Figure 2. Validation of microarray gene expression data by Real Time PCR.

HepG2 cells were treated in the absence and presence of TNFα (0.5 nM, 12 h) and the isolated total RNA was subjected to Real time PCR with gene specific primers as listed in Table 2. Values of each gene were normalized to those of 18S rRNA and are plotted with respect to the control that has arbitrarily been taken as 1. Each value is the mean ± SEM of three independent experiments. *p<0.01 as compared to control. **p<0.05 as compared to control.

Figure 3. Classification of TNFα-regulated genes into functional groups.

HepG2 genes that were altered by TNFα were classified on the basis of molecular functions using the GO Tool Box. Fraction of genes and the corresponding GO terms from the up-regulated set are shown in A and the same from the down regulated set are depicted in B.

Figure 4. Electrophoretic mobility shift assay in control and TNFα-treated nuclear extracts using SREBP-1 and FOXJ2 oligonucleotide probes.

15 µg of nuclear extracts from control or TNFα-treated cells were incubated with labeled probes harboring the binding elements of either SREBP-1 (A) or FOXJ2 (C). On termination of incubation they were resolved in a non-denaturing polyarylamide gel and subjected to phosphorimager analysis. Mutated oligonucleotides with altered binding motifs of these two transcription factors were used to check the specificity of the DNA-protein complexes. All experiments were done in triplicate. B and D: Densitometric analyses of the binding of SREBP-1 (B) and FOXJ2 (D) respectively. Each point is the mean±SEM of three independent experiments. Lane 1: Labeled probe alone; Lane 2: Labeled probe incubated with nuclear extract from control cells; Lane 3: Labeled probe incubated with nuclear extract from TNFα-treated cells; Lane 4: Labeled mutated probe incubated with the nuclear extract from control cells. *p<0.05 as compared to Lane 1; **p<0.01 as compared to Lanes 1 and 2; ***p<0.001 as compared to Lanes 1 and 2.

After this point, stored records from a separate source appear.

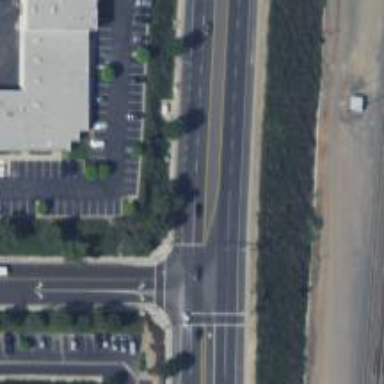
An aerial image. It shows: Secondary road with asphalt surface.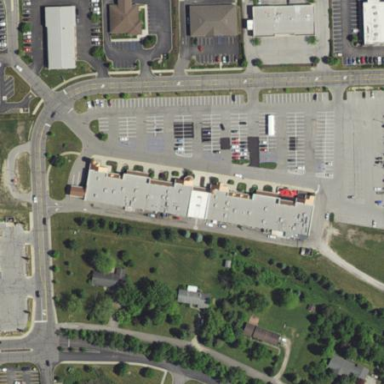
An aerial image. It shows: Retail area.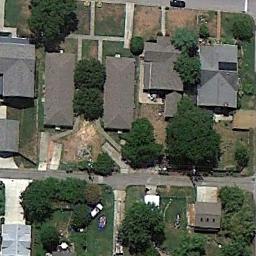
Label: residential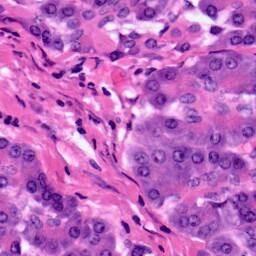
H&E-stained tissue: Pancreatic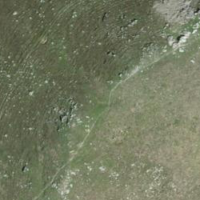
EUNIS habitat code: 23
Species observed at this site:
Dolycoris baccarum
Pseudochorthippus parallelus
Psophus stridulus
Podisma pedestris
Primula hirsuta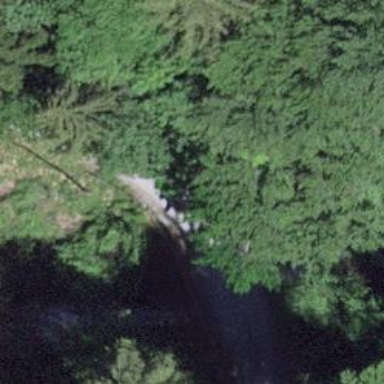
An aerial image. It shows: Gravel track road with bridge. The track is of grade3 tracktype.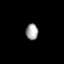
Tissue: prostate
Cell type: T cells
Senescence score: 0.3608
Nuclear area (px): 196
Mean DAPI intensity: 160.388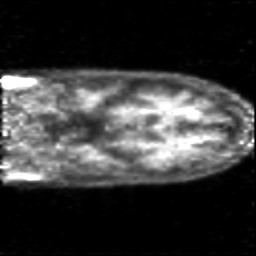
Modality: PET
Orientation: coronal
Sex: female
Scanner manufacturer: siemens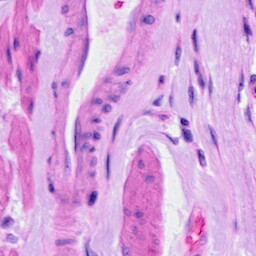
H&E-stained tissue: Ovarian
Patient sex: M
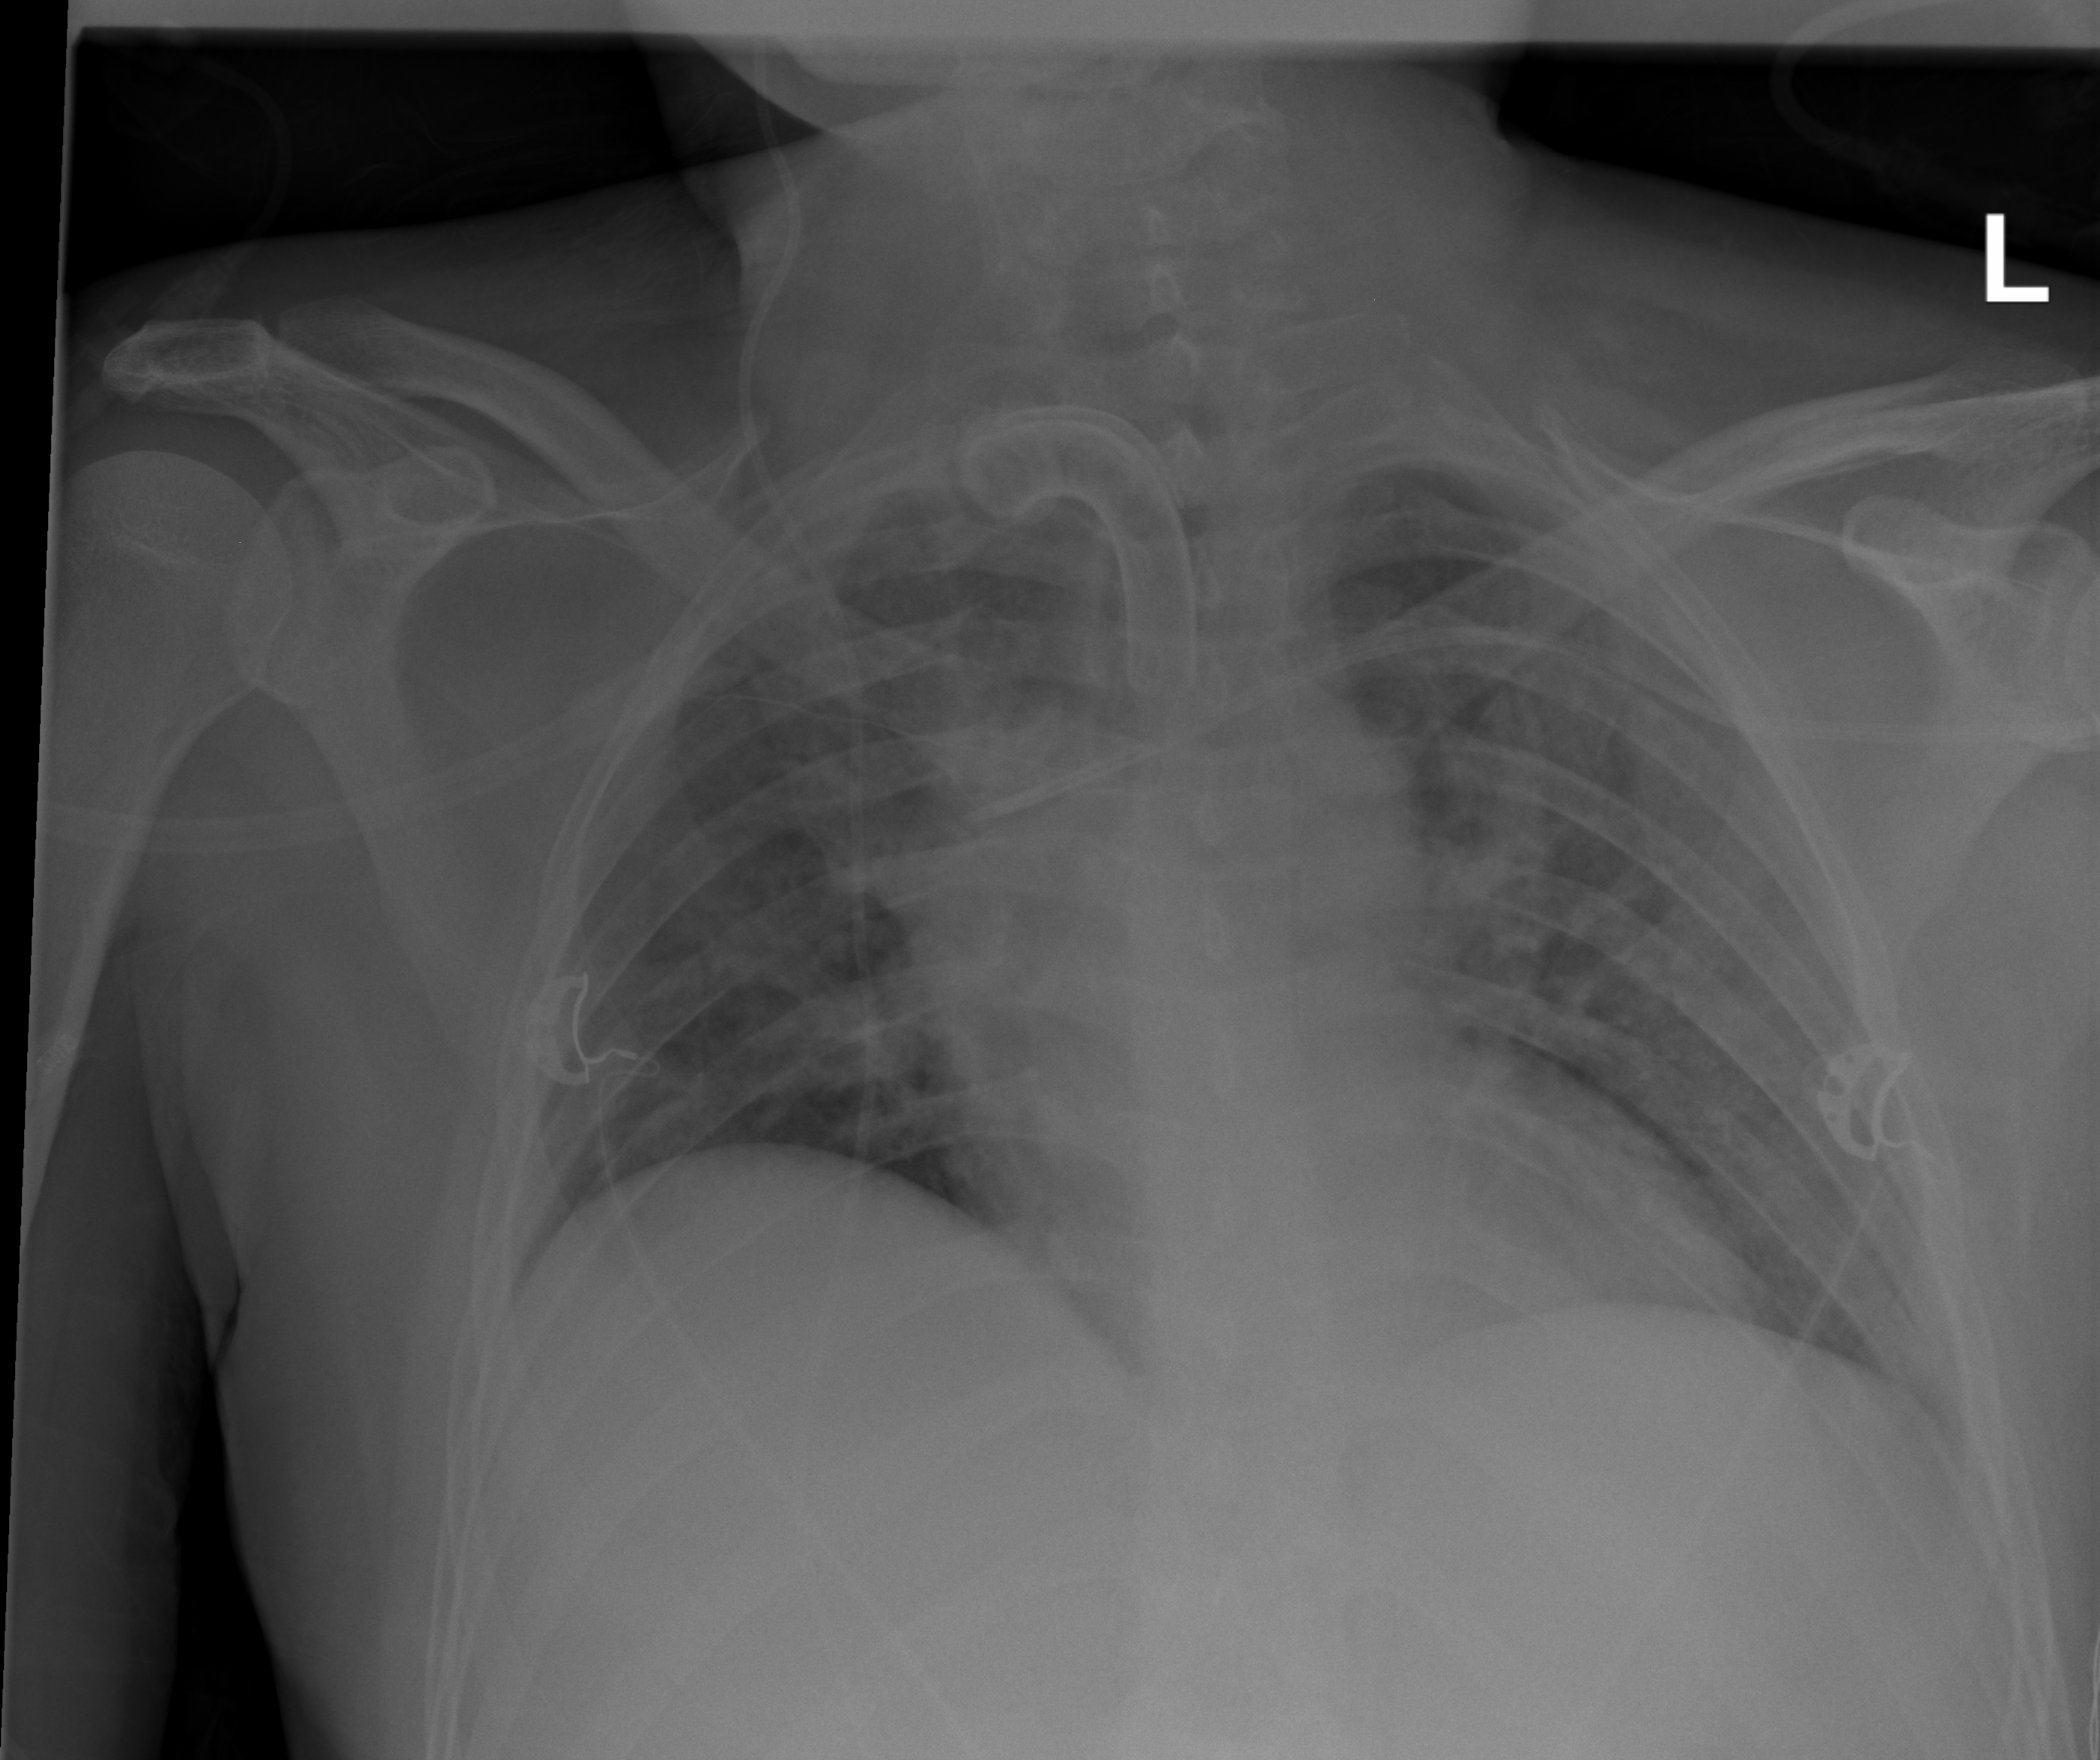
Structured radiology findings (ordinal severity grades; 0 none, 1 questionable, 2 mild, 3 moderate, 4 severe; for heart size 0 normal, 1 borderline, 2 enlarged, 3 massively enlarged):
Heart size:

Figure 5. Interacting network among genes altered by TNFα in HepG2 cells.

Functional interacting network among genes altered with a log₂ ratio of ±0.5 in HepG2 cells by TNFα. All such genes were uploaded in the Ingenuity Pathway Analysis tool and the network of “lipid metabolism, small molecule biochemistry, nervous system development and function” that was identified with a significant score is depicted. Genes from our dataset and falling in this network are shown in either red (up-regulated) or green (down regulated) with the intensity of the color being an indicator of the fold change.

Figure 6. “Biosynthesis of steroids” identified as the top canonical pathway altered by TNFα in HepG2 cells.

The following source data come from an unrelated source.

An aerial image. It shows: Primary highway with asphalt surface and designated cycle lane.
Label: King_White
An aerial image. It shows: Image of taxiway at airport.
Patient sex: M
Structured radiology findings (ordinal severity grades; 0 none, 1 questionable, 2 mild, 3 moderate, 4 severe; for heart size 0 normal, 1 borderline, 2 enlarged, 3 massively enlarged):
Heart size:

Significant positions of the pathway are occupied by genes from our dataset indicating that this pathway is invariably affected by TNFα in HepG2 cells. These positions have been marked with solid diamond boxes in the figure. All the genes clustered at this part of the complete “Biosynthesis of steroids” pathway and therefore are indicative of the role of TNFα in the regulation of this pathway within the hepatocyte. 1.14.99.7: Squalene Epoxidase; 5.3.3.5: Emopamil Binding Protein (sterol isomerase); 2.5.1.1, 2.5.1.10, 2.5.1.129: forms of Farnesyl Diphosphate Synthase.

Figure 7. Effect of TNFα on cholesterol synthesis in HepG2 cells.

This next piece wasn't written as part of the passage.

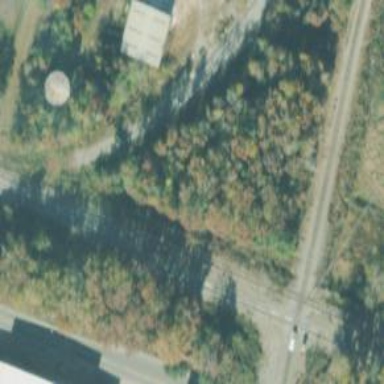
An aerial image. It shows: Abandoned railway yard is depicted.

A.HepG2 cells were incubated in the absence (C) or presence of TNFα (0.5 nM, 12 h) and cells were lysed and lipids were extracted by addition of 1.0 ml of chloroform: methanol (2:1). B. HepG2 cells were transfected with 50 nM of either control (Con siRNA) or SQLE or FDPS or EBP siRNAs. After 48 h, they were incubated either alone or in the presence of TNFα as in “A”. Cholesterol was estimated in the extracted lipid fraction as described in the Methods section. Results are expressed after normalization to the total protein content. Each value is the mean± SEM of three experiments. *p<0.05 as compared to control (C), determined using Student's t test (A). *p<0.001 as compared to ConsiRNA; **p<0.01 and ***p<0.05 as compared to the incubation of TNFα alone in the presence of ConsiRNA (B).